▶ Aim of the task
When you copy the data, keep every line exactly as written and skip the pictures.
[Available data Boundary: Start]
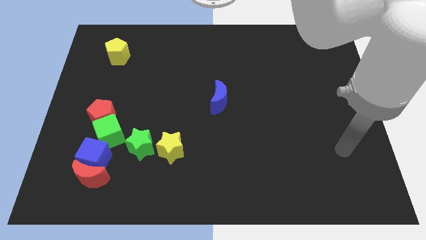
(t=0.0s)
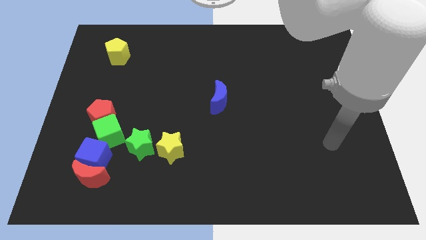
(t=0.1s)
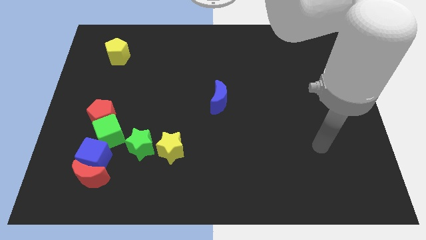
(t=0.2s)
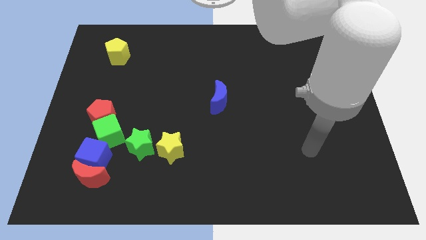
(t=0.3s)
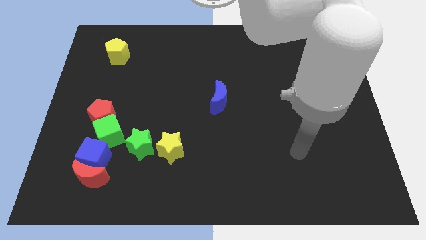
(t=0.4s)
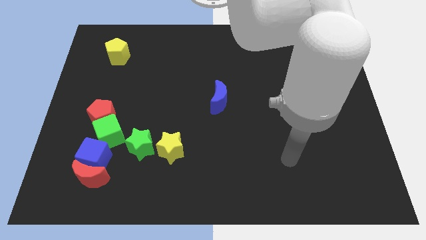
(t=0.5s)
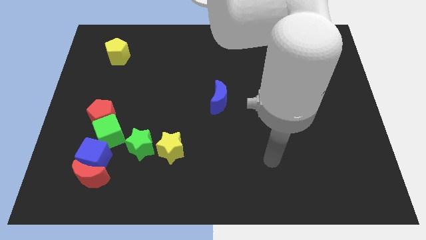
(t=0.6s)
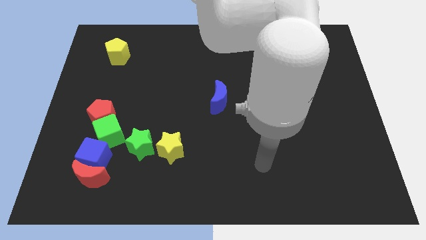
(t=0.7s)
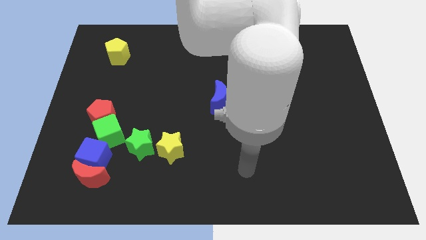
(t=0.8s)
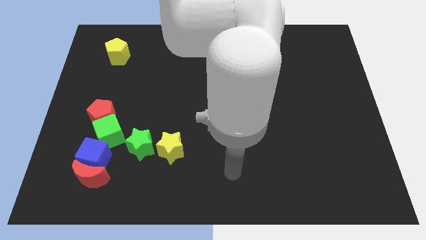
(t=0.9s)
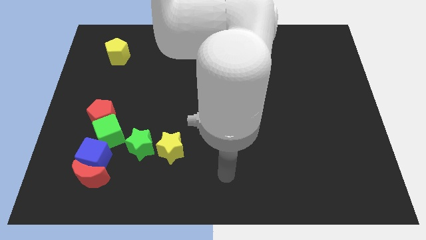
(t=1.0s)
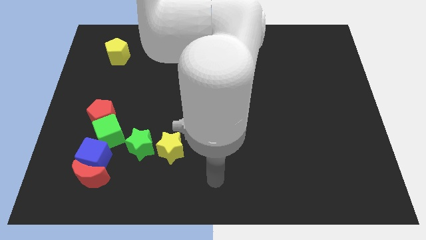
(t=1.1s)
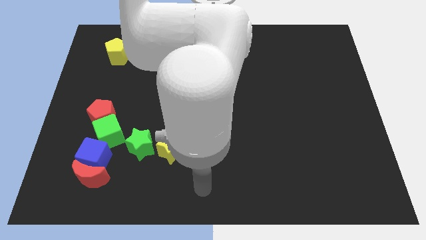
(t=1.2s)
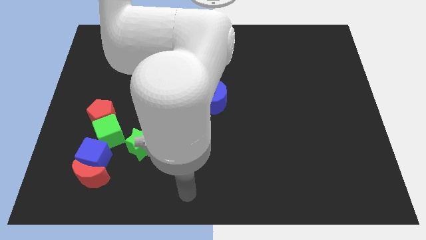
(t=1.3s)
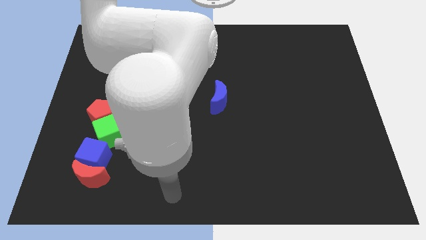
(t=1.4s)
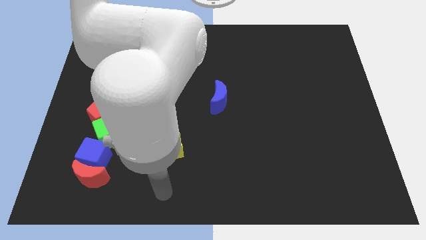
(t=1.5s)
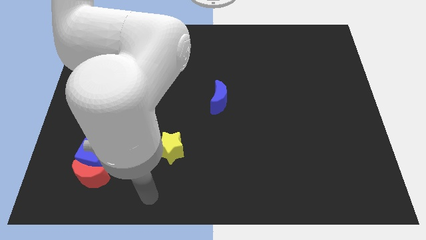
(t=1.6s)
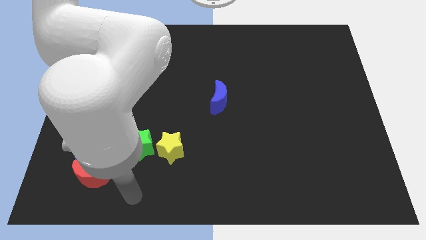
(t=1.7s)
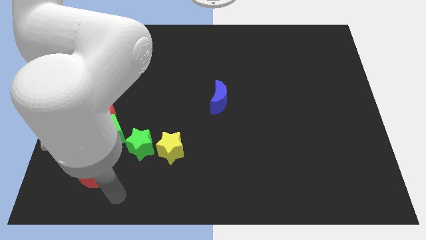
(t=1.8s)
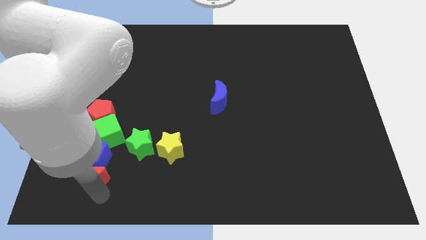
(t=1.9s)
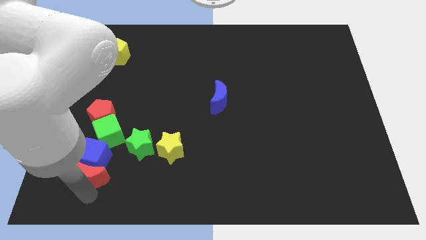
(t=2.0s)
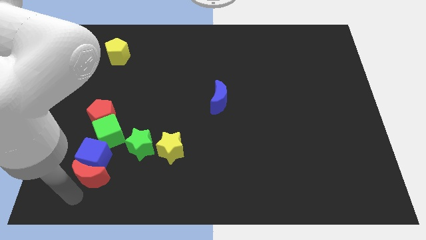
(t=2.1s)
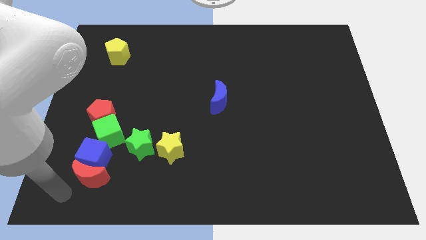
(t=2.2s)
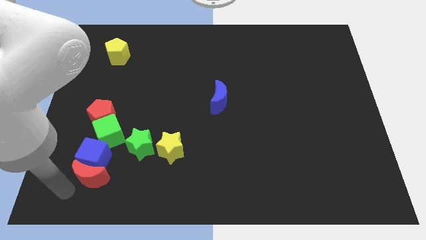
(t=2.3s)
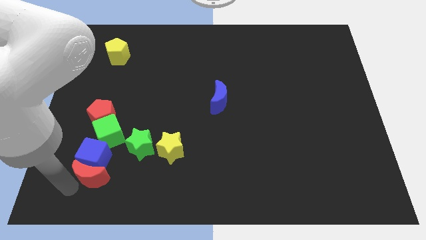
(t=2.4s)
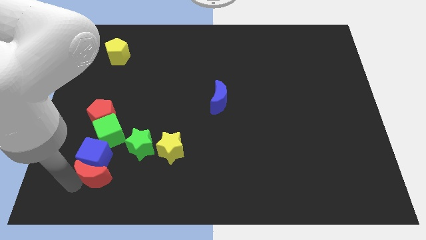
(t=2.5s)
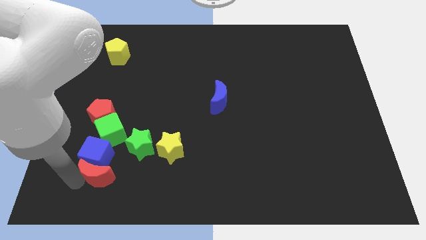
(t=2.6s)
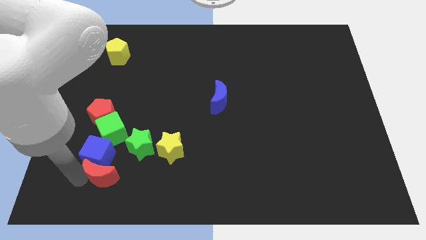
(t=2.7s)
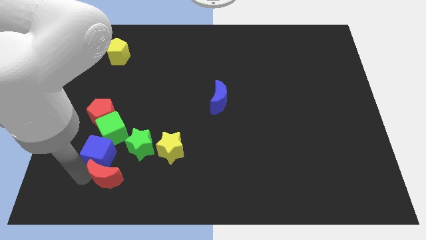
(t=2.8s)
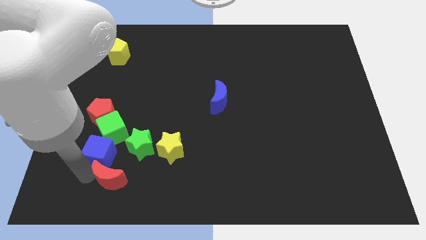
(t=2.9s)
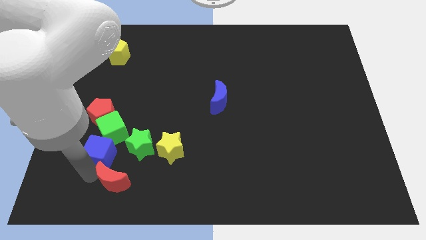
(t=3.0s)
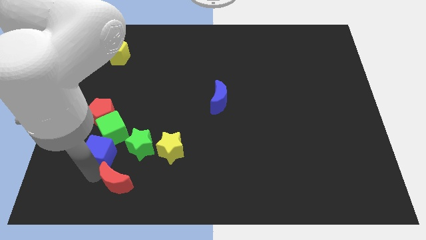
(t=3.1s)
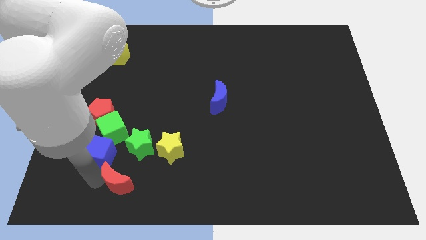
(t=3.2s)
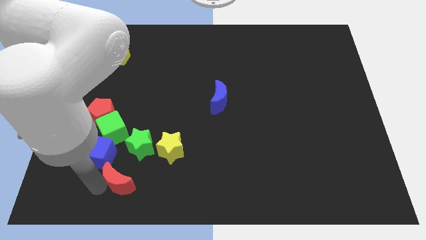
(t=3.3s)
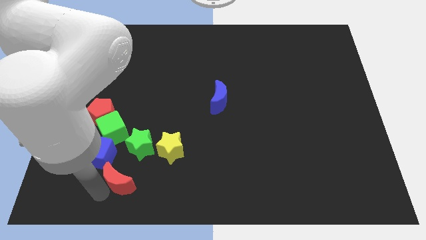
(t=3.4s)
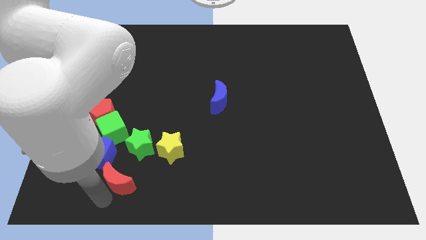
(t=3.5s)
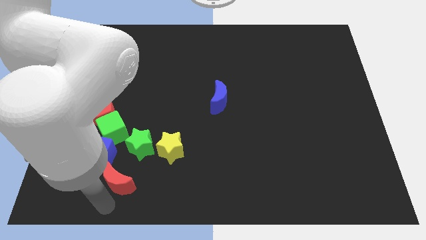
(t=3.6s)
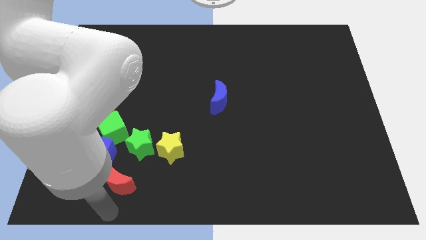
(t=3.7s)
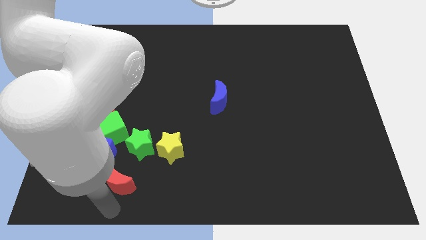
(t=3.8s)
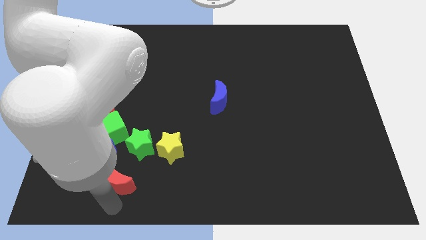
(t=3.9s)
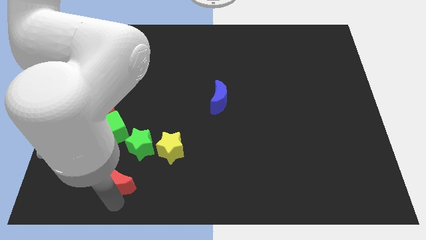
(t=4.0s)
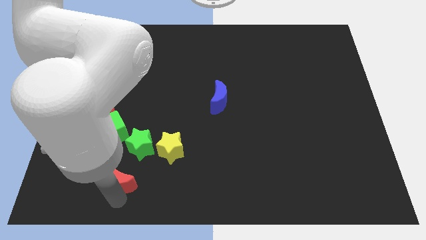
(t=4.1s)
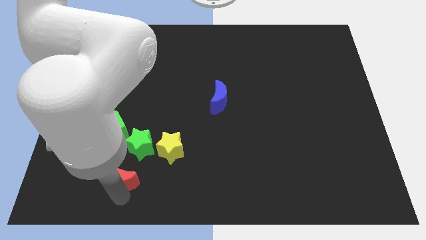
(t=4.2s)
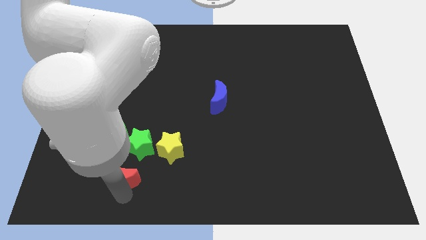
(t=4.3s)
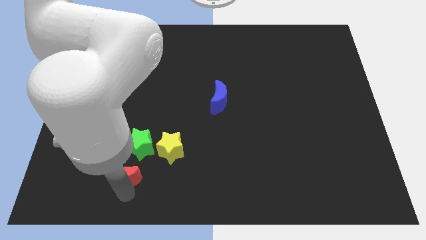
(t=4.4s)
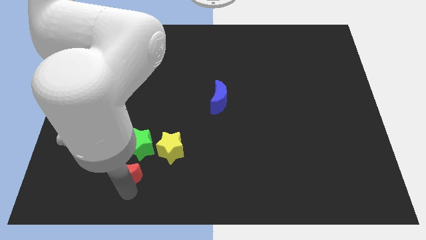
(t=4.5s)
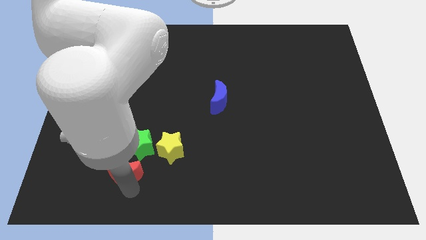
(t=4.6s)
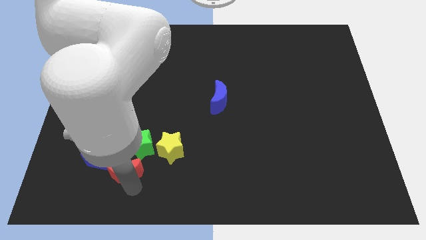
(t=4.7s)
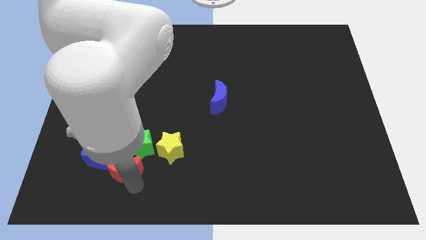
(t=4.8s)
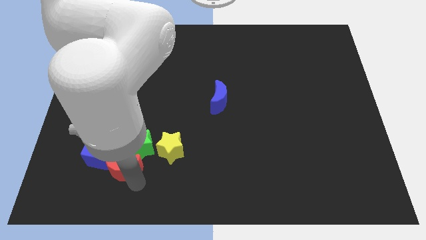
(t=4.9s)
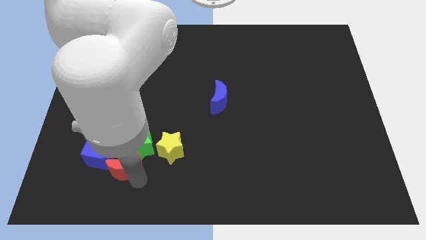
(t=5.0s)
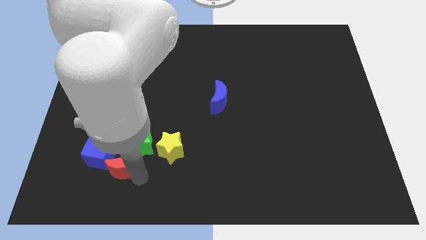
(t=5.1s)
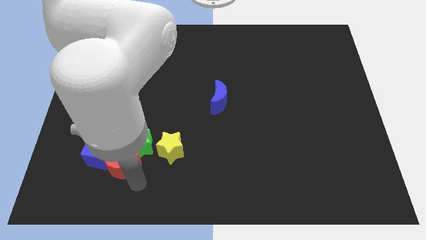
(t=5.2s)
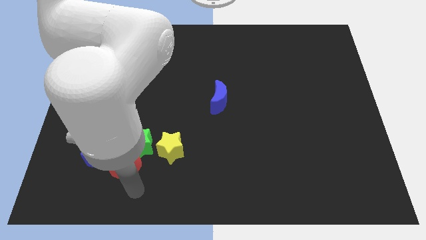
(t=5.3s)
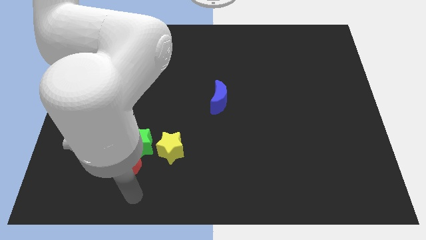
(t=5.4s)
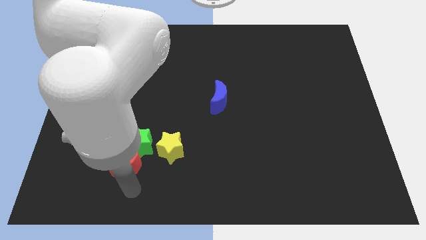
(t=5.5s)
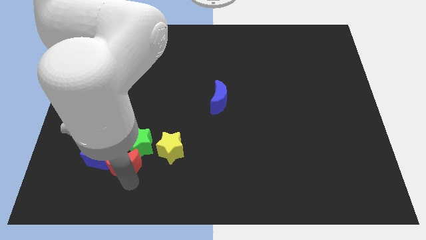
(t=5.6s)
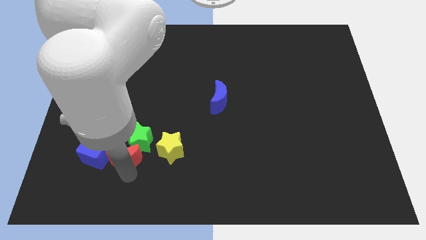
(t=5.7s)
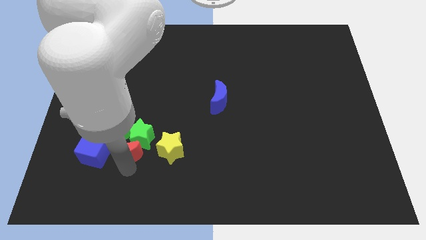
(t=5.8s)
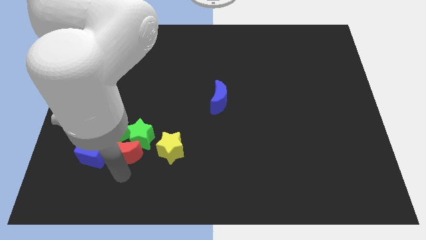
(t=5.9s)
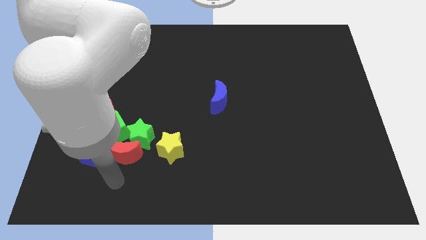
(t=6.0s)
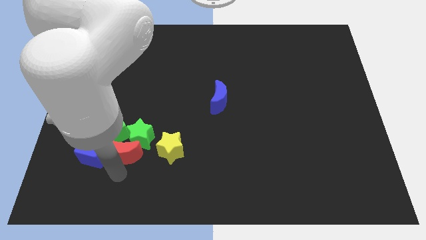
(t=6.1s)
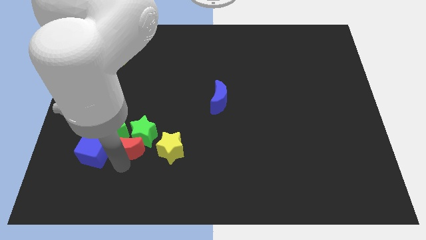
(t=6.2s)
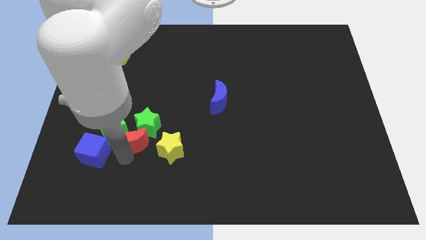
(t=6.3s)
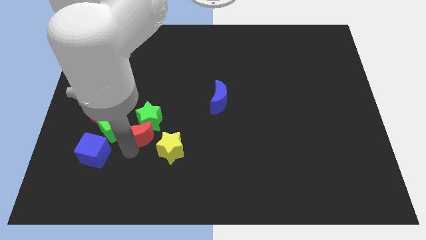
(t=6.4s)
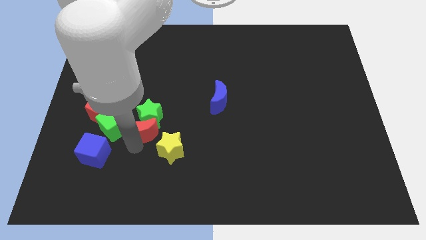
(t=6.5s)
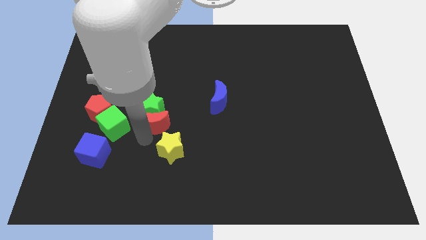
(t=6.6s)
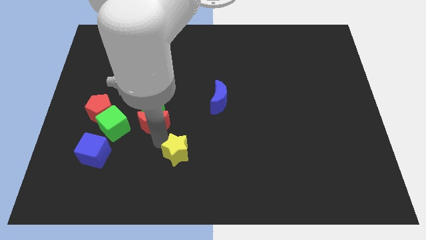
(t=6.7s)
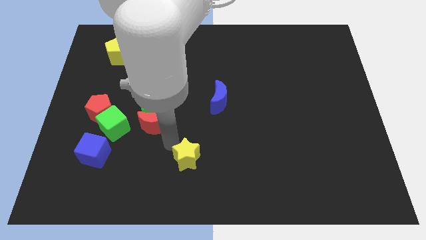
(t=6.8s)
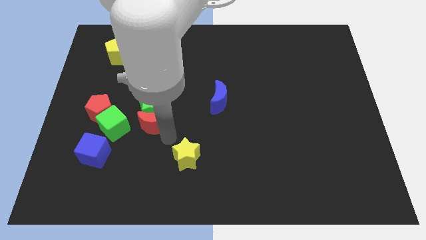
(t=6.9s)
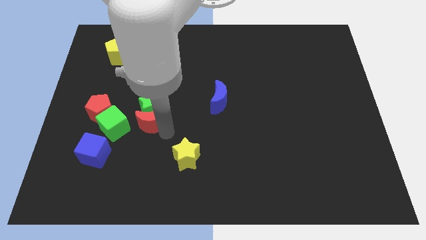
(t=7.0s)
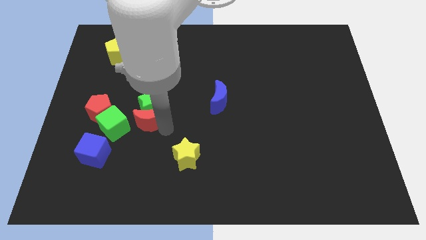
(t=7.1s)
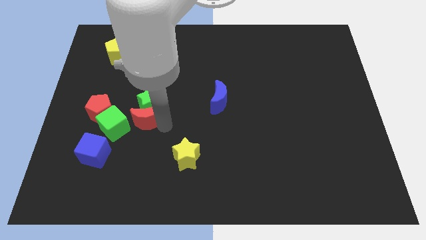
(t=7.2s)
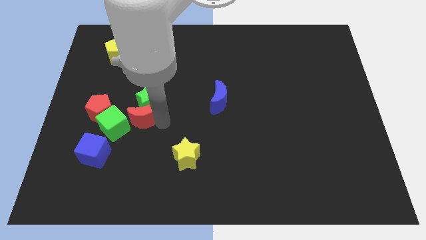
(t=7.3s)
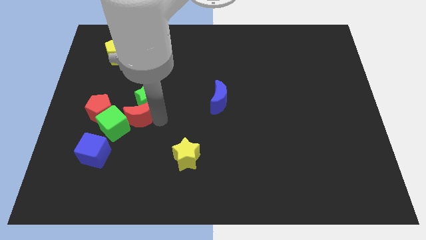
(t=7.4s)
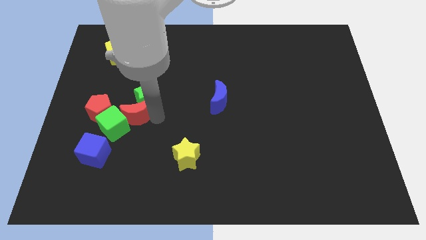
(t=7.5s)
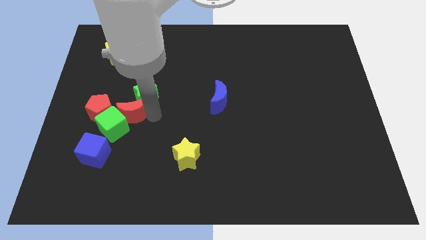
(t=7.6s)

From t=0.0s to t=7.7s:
move the red moon above the green cube
[Available data Boundary: End]
▶ Solution
(t=0.0s)
(t=0.1s)
(t=0.2s)
(t=0.3s)
(t=0.4s)
(t=0.5s)
(t=0.6s)
(t=0.7s)
(t=0.8s)
(t=0.9s)
(t=1.0s)
(t=1.1s)
(t=1.2s)
(t=1.3s)
(t=1.4s)
(t=1.5s)
(t=1.6s)
(t=1.7s)
(t=1.8s)
(t=1.9s)
(t=2.0s)
(t=2.1s)
(t=2.2s)
(t=2.3s)
(t=2.4s)
(t=2.5s)
(t=2.6s)
(t=2.7s)
(t=2.8s)
(t=2.9s)
(t=3.0s)
(t=3.1s)
(t=3.2s)
(t=3.3s)
(t=3.4s)
(t=3.5s)
(t=3.6s)
(t=3.7s)
(t=3.8s)
(t=3.9s)
(t=4.0s)
(t=4.1s)
(t=4.2s)
(t=4.3s)
(t=4.4s)
(t=4.5s)
(t=4.6s)
(t=4.7s)
(t=4.8s)
(t=4.9s)
(t=5.0s)
(t=5.1s)
(t=5.2s)
(t=5.3s)
(t=5.4s)
(t=5.5s)
(t=5.6s)
(t=5.7s)
(t=5.8s)
(t=5.9s)
(t=6.0s)
(t=6.1s)
(t=6.2s)
(t=6.3s)
(t=6.4s)
(t=6.5s)
(t=6.6s)
(t=6.7s)
(t=6.8s)
(t=6.9s)
(t=7.0s)
(t=7.1s)
(t=7.2s)
(t=7.3s)
(t=7.4s)
(t=7.5s)
(t=7.6s)

From t=0.0s to t=7.7s:
move the red moon above the green cube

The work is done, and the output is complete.